Für die Finanzministerin ist sie «eine gute Freundin».

Für den Geschäftsführer des liberalen Wirtschaftsinstituts «eine Wohltat und ein Segen».

Und der bürgerliche Parteipräsident nennt sie schlicht «identitätsstiftend».

Wäre die Schuldenbremse nicht nur ein Konzept, sondern, sagen wir, ein Gegenstand oder ein Mensch – sie stünde schon längst vergoldet als Denkmal vor dem Bundeshaus. Lang lebe die Schuldenbremse!
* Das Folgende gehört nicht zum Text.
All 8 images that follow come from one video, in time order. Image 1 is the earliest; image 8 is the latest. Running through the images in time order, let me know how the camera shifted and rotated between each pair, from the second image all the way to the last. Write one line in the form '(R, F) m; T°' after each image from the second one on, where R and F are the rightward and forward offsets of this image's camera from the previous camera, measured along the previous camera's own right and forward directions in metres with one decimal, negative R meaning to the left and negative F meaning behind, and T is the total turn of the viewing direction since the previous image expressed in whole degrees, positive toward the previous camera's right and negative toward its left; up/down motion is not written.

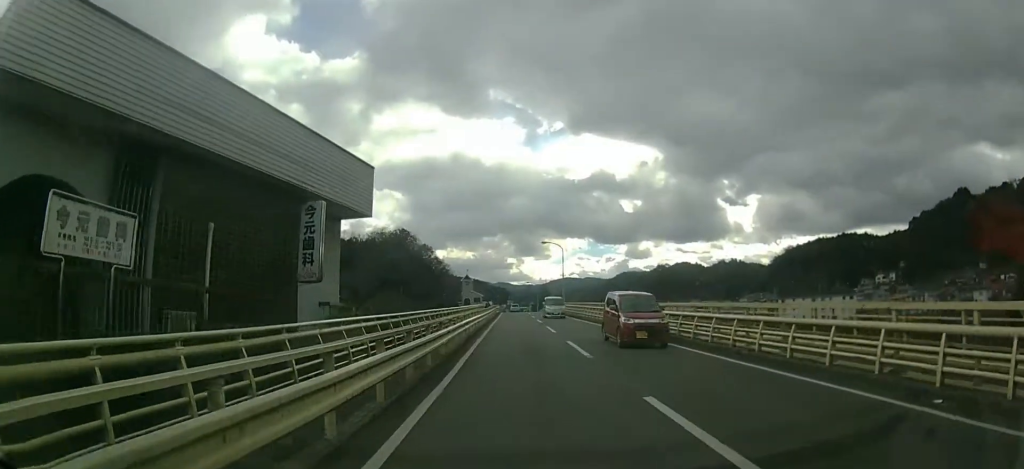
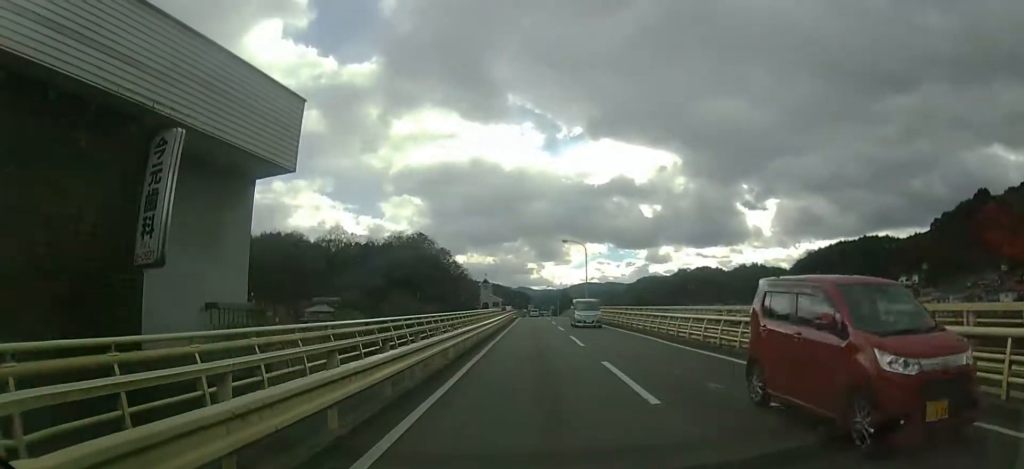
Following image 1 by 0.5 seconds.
(0.0, +5.7) m; -3°
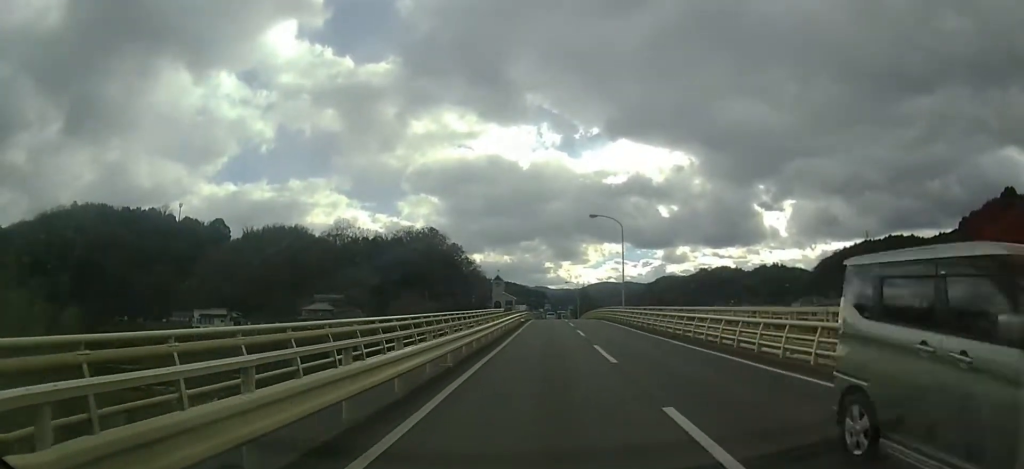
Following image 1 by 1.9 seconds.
(-1.0, +15.3) m; -7°
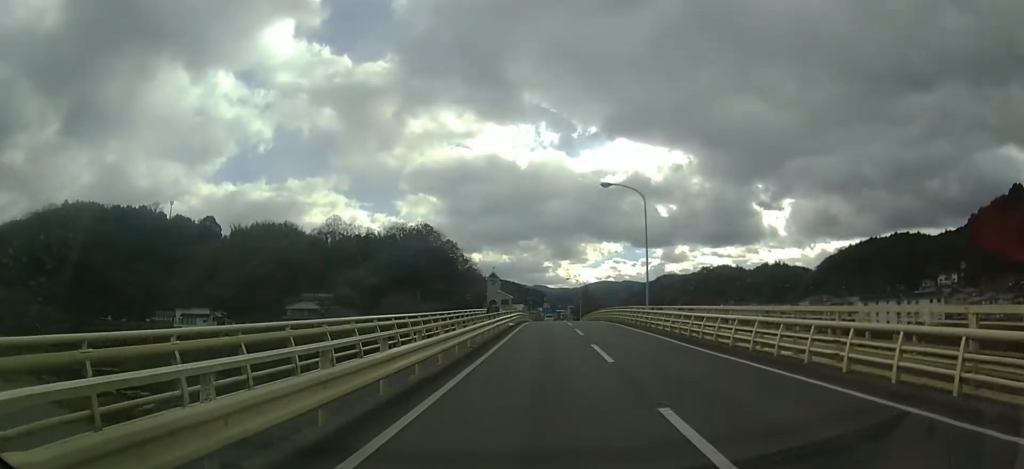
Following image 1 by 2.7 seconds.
(-0.2, +10.1) m; -1°
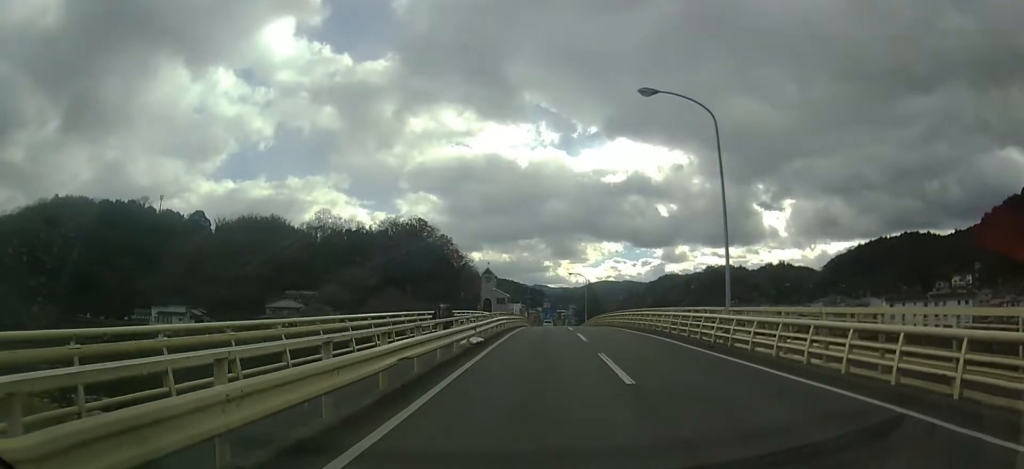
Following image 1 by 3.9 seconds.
(0.0, +13.3) m; 0°
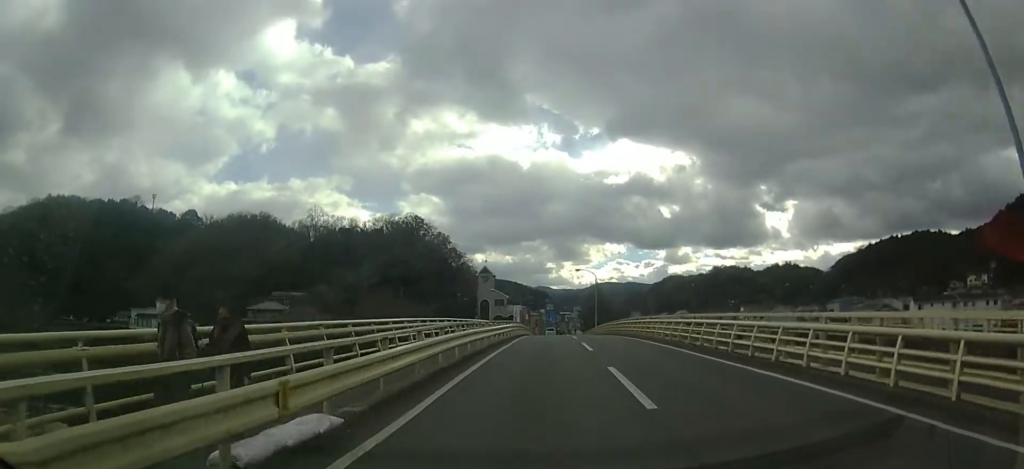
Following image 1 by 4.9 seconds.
(0.0, +12.0) m; 0°
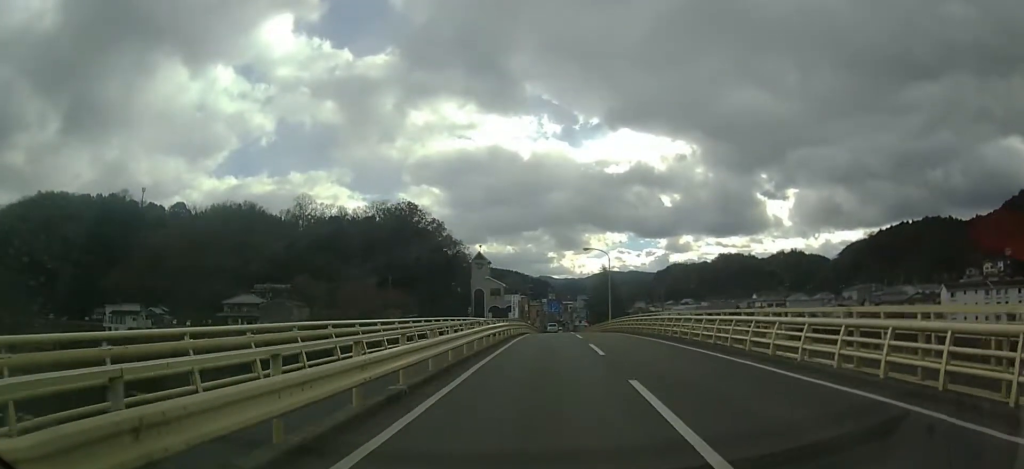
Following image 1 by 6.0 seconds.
(-0.1, +13.6) m; 0°
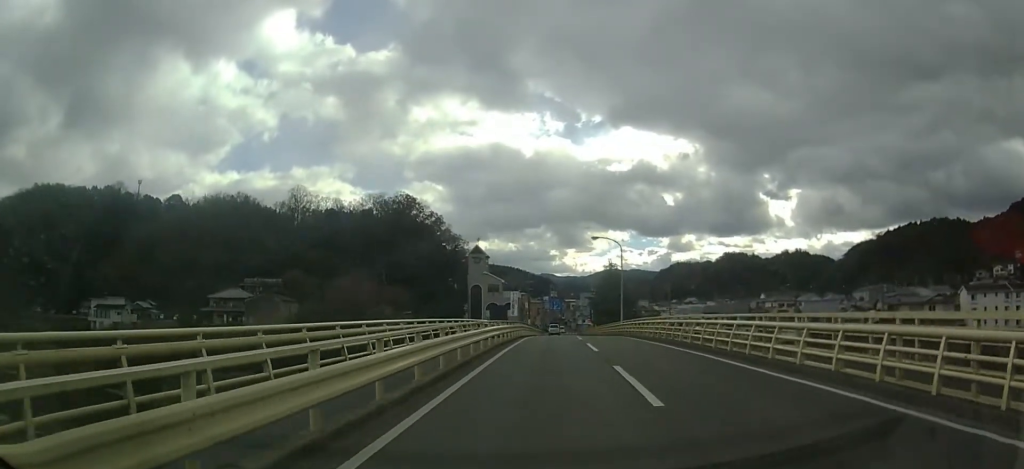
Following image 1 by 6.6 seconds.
(+0.1, +7.6) m; 0°

Erfunden in einer schlaflosen Nacht

Erfunden wurde dieses sehr schweizerische Instrument mit dem sehr schweizerischen Namen vor zwei Jahrzehnten von Kaspar Villiger, dem ehemaligen freisinnigen Finanzminister und späteren UBS-Verwaltungsratspräsidenten. In den diversen Schriften, Veranstaltungen und Partys zum 20-Jahr-Jubiläum zeichnete Villiger im Herbst 2023 nach, wie er nach einer schlaflosen Nacht die Schuldenbremse skizzierte und bald darauf auch umsetzte.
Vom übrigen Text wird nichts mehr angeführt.